• _What this task involves_
Down to the last line, repeat the entries exactly and drop any image.

• _Extracted material_
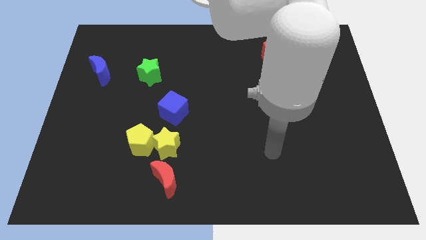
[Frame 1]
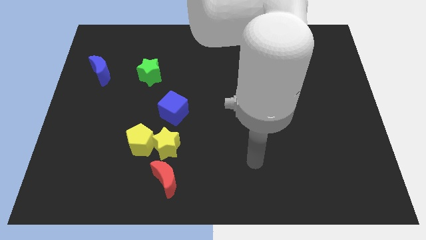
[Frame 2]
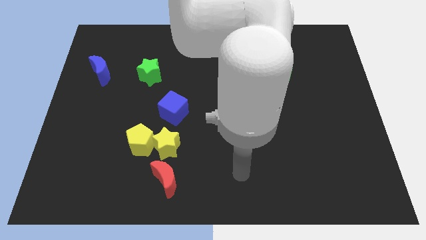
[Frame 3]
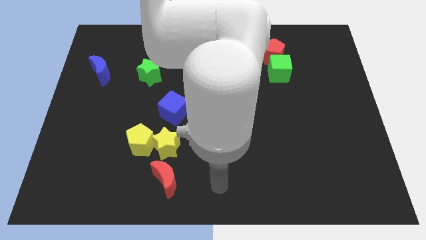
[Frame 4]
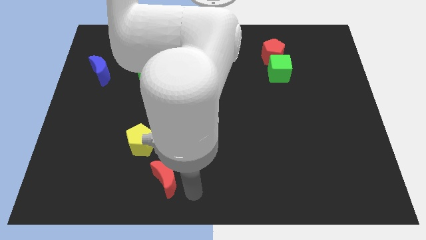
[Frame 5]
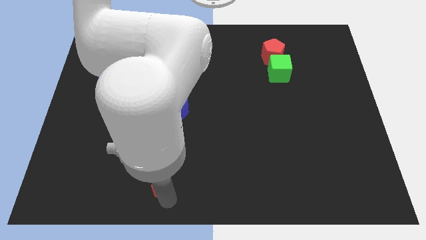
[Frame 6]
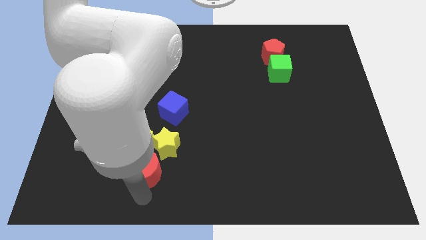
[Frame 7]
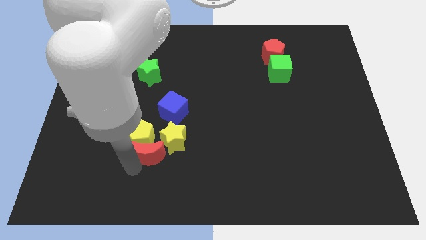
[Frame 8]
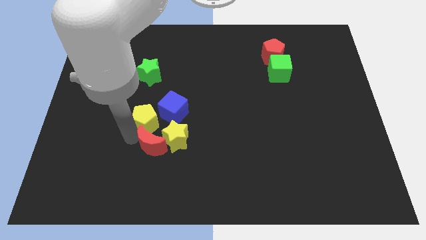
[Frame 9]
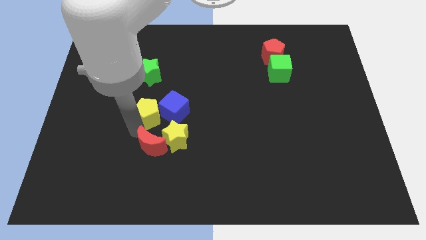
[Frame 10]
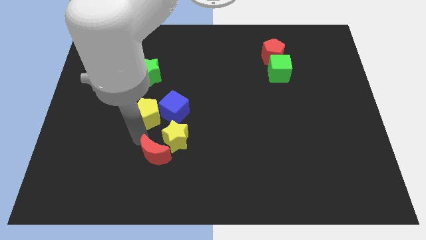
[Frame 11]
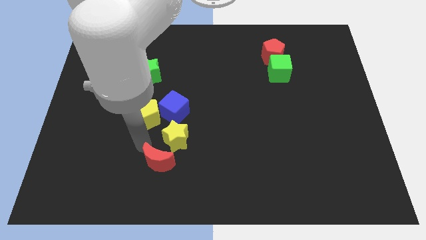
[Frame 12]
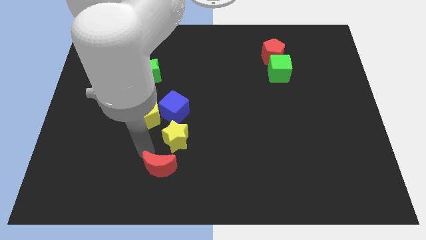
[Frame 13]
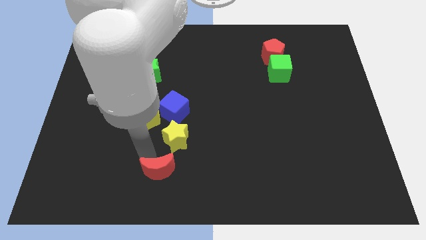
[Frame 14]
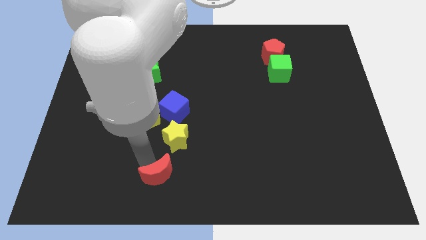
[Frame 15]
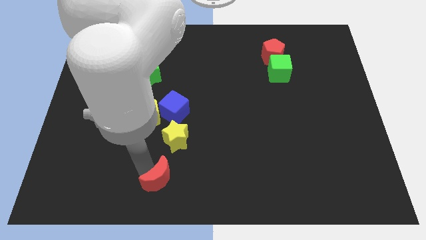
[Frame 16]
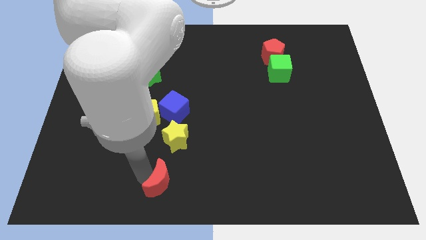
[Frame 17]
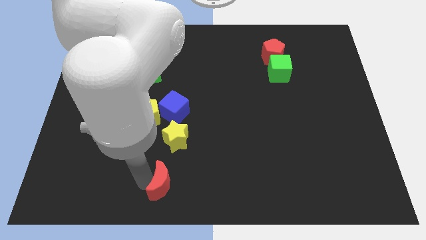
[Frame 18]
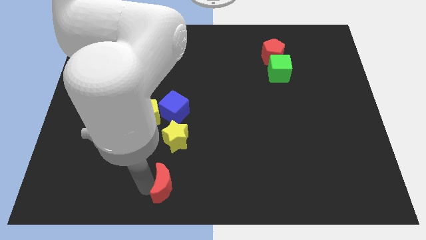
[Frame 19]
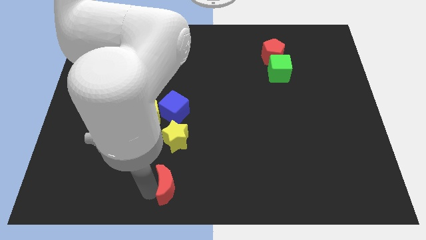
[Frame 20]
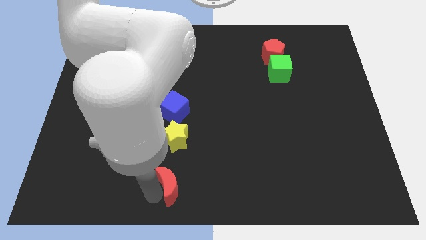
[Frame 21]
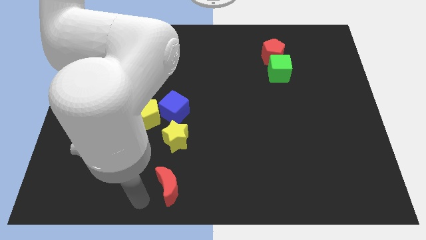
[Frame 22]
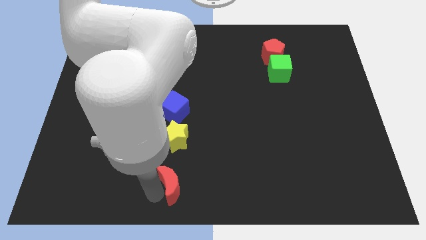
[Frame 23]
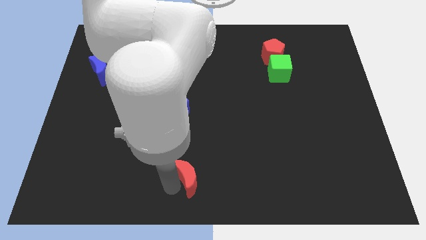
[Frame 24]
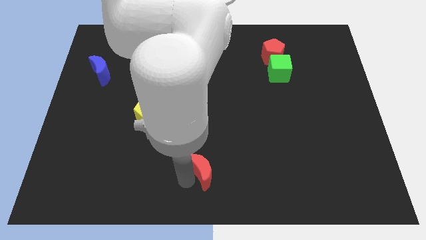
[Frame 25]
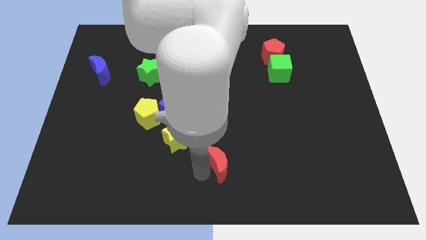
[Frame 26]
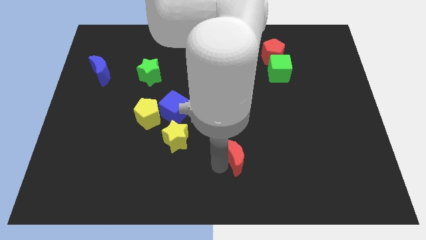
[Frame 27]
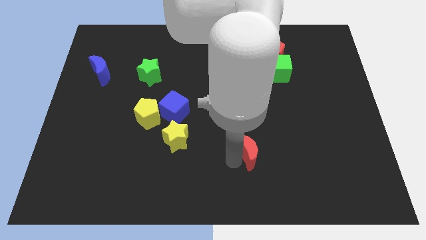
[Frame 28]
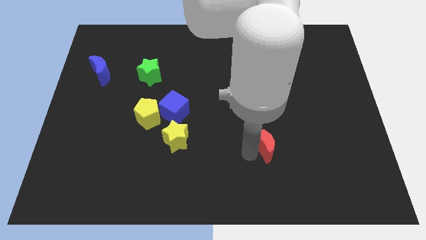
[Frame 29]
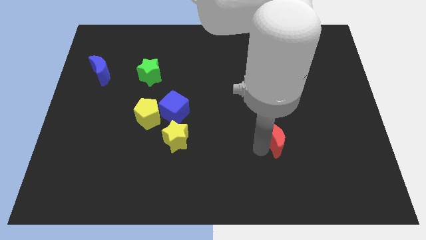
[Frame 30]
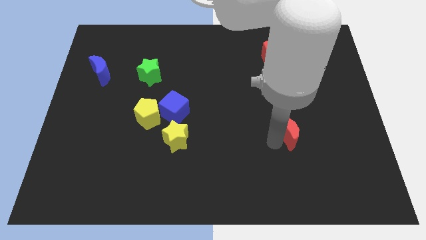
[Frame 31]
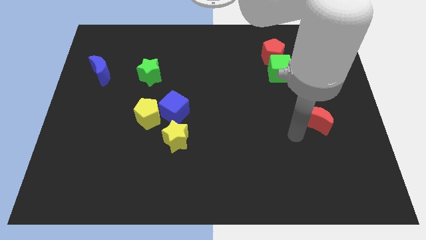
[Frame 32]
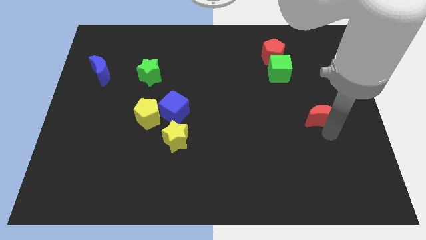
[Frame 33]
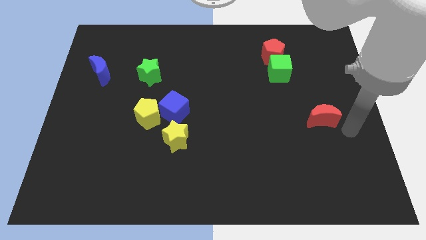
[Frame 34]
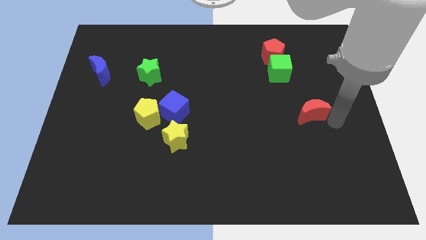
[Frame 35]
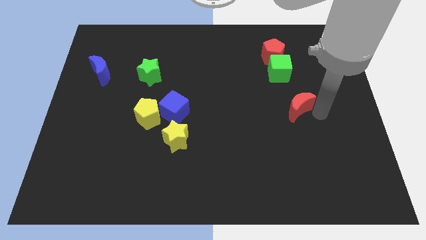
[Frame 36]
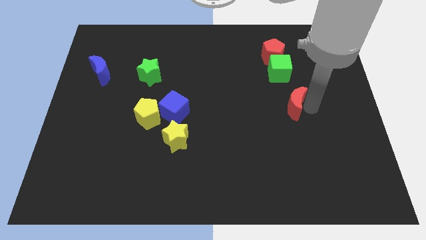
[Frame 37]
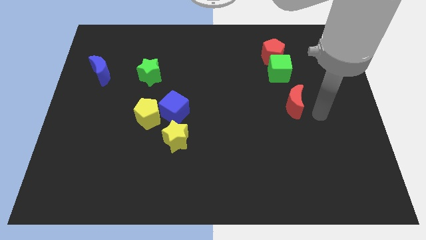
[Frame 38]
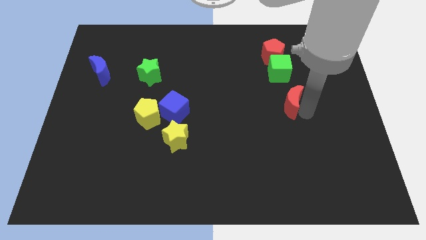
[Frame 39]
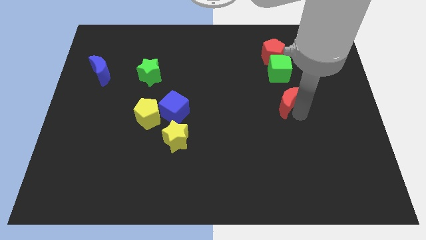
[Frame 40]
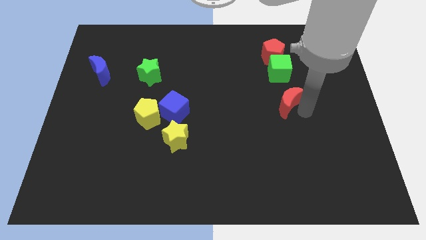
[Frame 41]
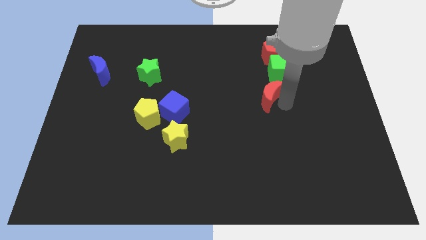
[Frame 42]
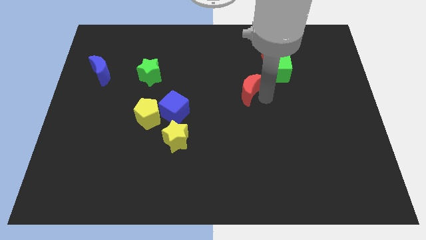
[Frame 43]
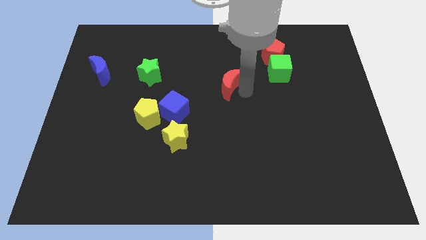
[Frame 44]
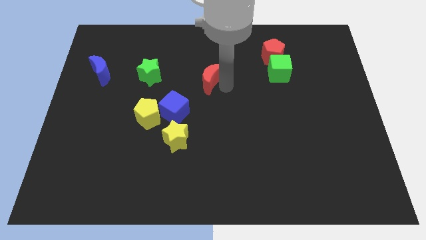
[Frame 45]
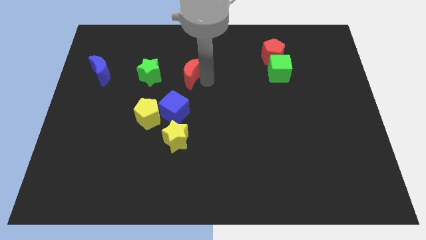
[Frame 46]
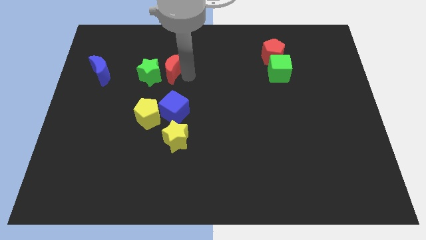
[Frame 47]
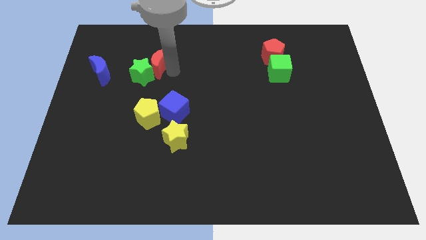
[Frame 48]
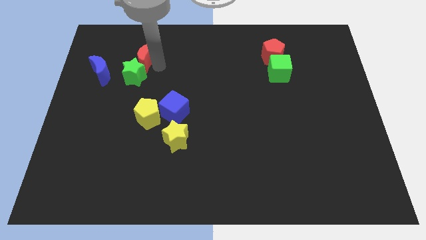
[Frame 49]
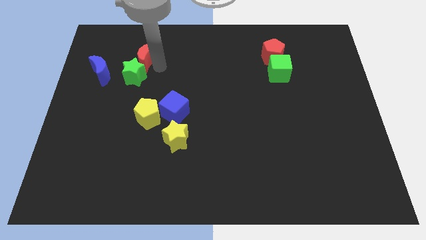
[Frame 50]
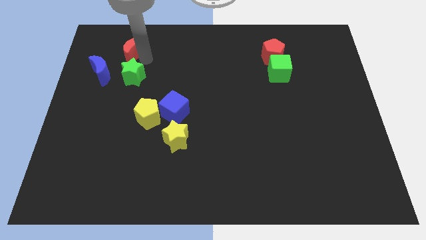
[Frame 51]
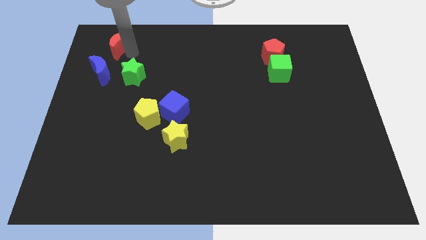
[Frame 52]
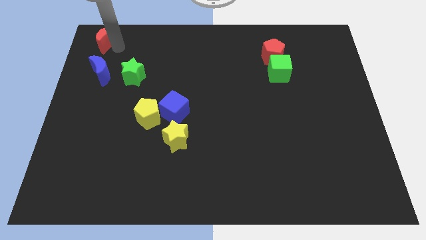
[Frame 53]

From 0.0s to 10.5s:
slide the red moon to the top left

• _Task response_
[Frame 1]
[Frame 2]
[Frame 3]
[Frame 4]
[Frame 5]
[Frame 6]
[Frame 7]
[Frame 8]
[Frame 9]
[Frame 10]
[Frame 11]
[Frame 12]
[Frame 13]
[Frame 14]
[Frame 15]
[Frame 16]
[Frame 17]
[Frame 18]
[Frame 19]
[Frame 20]
[Frame 21]
[Frame 22]
[Frame 23]
[Frame 24]
[Frame 25]
[Frame 26]
[Frame 27]
[Frame 28]
[Frame 29]
[Frame 30]
[Frame 31]
[Frame 32]
[Frame 33]
[Frame 34]
[Frame 35]
[Frame 36]
[Frame 37]
[Frame 38]
[Frame 39]
[Frame 40]
[Frame 41]
[Frame 42]
[Frame 43]
[Frame 44]
[Frame 45]
[Frame 46]
[Frame 47]
[Frame 48]
[Frame 49]
[Frame 50]
[Frame 51]
[Frame 52]
[Frame 53]

From 0.0s to 10.5s:
slide the red moon to the top left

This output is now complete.